今回のバースト!についても、先に新ネットワーク思考を読んでいてよかった。先にバースト!を読んでいたら、つまらなくて新ネットワーク思考は読んでいなかったかもしれない。内容としては新ネットワーク思考のほうが面白い。バースト!は2つのストーリーが1章ごとに交互に進んでいくスタイルで、ひとつのストーリーは通常のバーストに関する説明。もうひとつのストーリーは歴史の物語なのだが、歴史の物語のほうが、正直読んでいてしんどくて、かなり流し読みになった。日本の歴史ものならまだ読めたかもしれないが、あまり前提知識がない国に関する歴史をみるのもしんどい。なのでこの部分に関してはレビューできない。この歴史の部分が、バースト性と絡んでくるということなのだが。

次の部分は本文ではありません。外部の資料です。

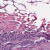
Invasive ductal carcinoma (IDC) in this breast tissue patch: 1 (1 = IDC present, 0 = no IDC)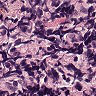
Metastatic tissue present: no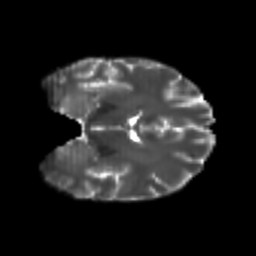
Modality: T2w
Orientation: coronal
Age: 20
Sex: male
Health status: healthy
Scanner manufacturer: philips
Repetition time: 7.391 s
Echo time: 0.08599 s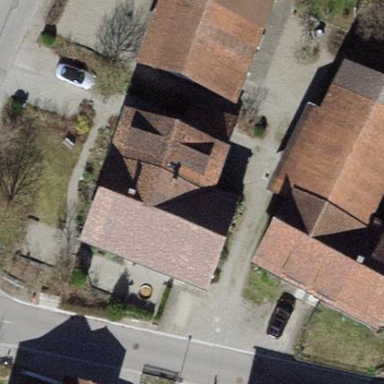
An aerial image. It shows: Gabled roof house.

自己組織化臨界という言葉が文中にでてくる。これについては、以下の解説が詳しい。いずれにせよ、自己組織化されたシステムでは、べき乗則が現れてくるということなのだろう。
http://www.geocities.co.jp/HeartLand-Ayame/4533/complex/sunayama.html

どういったときにべき乗則が現れてくるのか?という問いには、結局これをよんでも明確な答えは出なかった。いや、でていたのかもしれないが、少しはなしが冗長すぎた。しかし、ひとつは、これがみそなのだが、優先順位付けを行った瞬間に、実行されるタスクにバースト性が現れてくるという。だから、メールの送信時刻にはバースト性が現れる。これは新ネットワーク思考に書いてあったと思うが、正のフィードバック、成長。この2要素がそろっていればバースト性が現れる。優先順位付けはまさに正のフィードバックだし、返すべきメールはどんどん増えるので、これは成長であるだろう。(自分のこの理解であっているのか、ちょっと怪しいが。。)

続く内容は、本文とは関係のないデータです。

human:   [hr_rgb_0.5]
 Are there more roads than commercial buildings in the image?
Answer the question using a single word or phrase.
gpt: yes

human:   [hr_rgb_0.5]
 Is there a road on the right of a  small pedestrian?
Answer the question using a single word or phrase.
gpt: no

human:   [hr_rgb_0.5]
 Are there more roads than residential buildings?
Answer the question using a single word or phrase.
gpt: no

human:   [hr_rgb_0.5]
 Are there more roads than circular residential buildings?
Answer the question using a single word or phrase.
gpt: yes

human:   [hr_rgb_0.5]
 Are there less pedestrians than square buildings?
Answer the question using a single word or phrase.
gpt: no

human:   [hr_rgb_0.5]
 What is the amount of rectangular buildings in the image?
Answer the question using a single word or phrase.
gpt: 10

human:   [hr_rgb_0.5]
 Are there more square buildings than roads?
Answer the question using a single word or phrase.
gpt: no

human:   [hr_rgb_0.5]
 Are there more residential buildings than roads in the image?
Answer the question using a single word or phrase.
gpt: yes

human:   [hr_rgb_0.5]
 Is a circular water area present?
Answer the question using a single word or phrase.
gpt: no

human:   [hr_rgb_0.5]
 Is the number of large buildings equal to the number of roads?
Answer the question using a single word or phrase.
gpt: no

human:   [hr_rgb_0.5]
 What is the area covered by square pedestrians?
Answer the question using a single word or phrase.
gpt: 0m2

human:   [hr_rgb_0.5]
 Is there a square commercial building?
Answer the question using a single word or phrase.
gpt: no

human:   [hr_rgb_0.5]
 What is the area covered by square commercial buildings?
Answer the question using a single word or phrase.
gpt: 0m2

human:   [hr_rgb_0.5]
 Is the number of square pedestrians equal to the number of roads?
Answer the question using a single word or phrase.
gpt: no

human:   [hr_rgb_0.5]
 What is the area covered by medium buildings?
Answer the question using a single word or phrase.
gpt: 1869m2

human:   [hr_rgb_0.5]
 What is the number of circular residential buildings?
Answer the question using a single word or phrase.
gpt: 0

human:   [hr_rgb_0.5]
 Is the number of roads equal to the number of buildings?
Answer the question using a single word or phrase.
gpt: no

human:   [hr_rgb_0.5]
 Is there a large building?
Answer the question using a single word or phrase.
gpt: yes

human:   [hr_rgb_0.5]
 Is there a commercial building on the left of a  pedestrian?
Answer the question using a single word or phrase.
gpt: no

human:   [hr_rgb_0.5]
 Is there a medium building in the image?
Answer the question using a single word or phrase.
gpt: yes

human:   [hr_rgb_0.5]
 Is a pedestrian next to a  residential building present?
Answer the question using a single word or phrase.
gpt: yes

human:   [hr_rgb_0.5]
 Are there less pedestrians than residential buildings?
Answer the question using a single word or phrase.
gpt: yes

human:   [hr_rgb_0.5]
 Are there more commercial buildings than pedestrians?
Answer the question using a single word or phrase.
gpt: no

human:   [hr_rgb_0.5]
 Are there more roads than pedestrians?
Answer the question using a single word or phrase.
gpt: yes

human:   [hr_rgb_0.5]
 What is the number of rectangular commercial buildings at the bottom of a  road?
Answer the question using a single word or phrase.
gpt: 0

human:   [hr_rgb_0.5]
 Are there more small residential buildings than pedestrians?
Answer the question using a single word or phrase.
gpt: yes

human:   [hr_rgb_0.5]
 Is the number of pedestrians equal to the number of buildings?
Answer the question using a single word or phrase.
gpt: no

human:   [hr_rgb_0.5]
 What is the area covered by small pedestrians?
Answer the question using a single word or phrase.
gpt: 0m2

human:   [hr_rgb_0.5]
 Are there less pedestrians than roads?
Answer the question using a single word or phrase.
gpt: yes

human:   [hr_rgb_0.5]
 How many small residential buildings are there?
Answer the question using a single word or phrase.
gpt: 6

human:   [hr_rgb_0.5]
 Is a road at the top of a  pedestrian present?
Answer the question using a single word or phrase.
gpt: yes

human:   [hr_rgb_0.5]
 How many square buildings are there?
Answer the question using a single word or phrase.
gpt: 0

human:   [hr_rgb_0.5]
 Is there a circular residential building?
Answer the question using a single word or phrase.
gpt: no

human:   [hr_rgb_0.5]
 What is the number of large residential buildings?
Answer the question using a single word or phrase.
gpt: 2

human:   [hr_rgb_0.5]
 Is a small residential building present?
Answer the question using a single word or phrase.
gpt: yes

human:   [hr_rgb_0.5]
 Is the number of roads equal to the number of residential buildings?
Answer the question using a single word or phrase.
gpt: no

ここからはレビューというより自分の思考を書き散らしたもの。
例えば、お金のやりとりや麻雀の点数などは、長い時間をかければ誰かの一人勝ちになる。このプロセスの途中ではべき乗則が現れてくるはずだ。もっといえば、べき分布のうち、パレート分布に従うだろう。

人間行動のバースト性が、そのままべき乗則であるのだが、例えばブラック・ショールズ方程式は、その前提をべき乗則においておらず、価格の変化率を正規分布としている。
wikipedia:ブラック–ショールズ方程式

しかしこれは端的にいって、前提が間違っている可能性が高い。実際にはバースト性を持つ分布、パレート分布などの可能性が高いと思われる。

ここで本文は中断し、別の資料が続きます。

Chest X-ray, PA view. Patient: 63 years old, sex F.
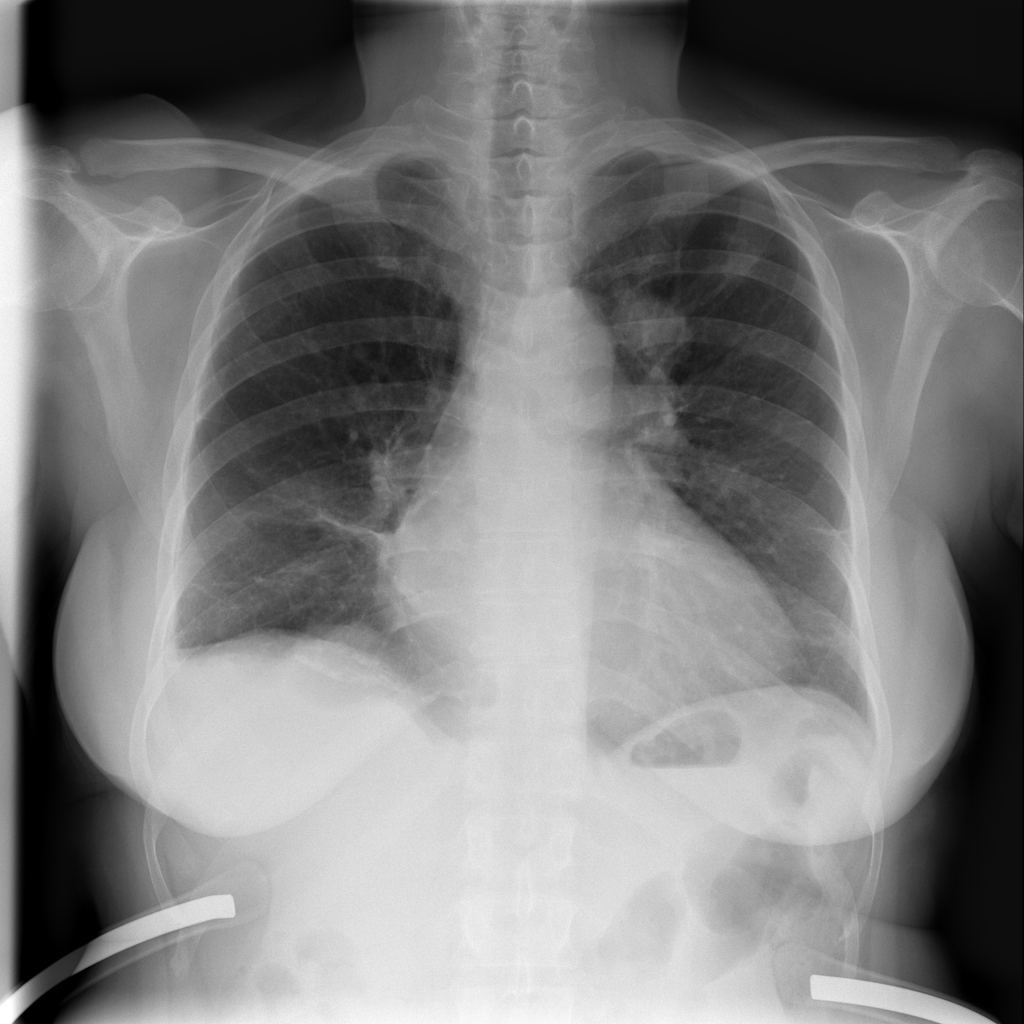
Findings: No Finding

その他、強く思うことは、待ち行列理論でも、例えば、M/M/1モデルなどは、客の到着がポアソン分布に従うことを前提としている。だが、この仮定はおそらく甘いだろう。長い目でみると、客の到着はバースト性をもつはずであるので、やはりパレート分布などを仮定することが必要になる気がする。そうなってくると、ある局面では明らかに窓口の数。つまりリソースが不足することになると思う。

ようするに正規分布は便利すぎた。しかし、世の中には正規分布に従わないものも多い。せめて、ポアソン的かパレート的か。というところまでの調査があるなら、もっと変わったものになるものは多い気がする。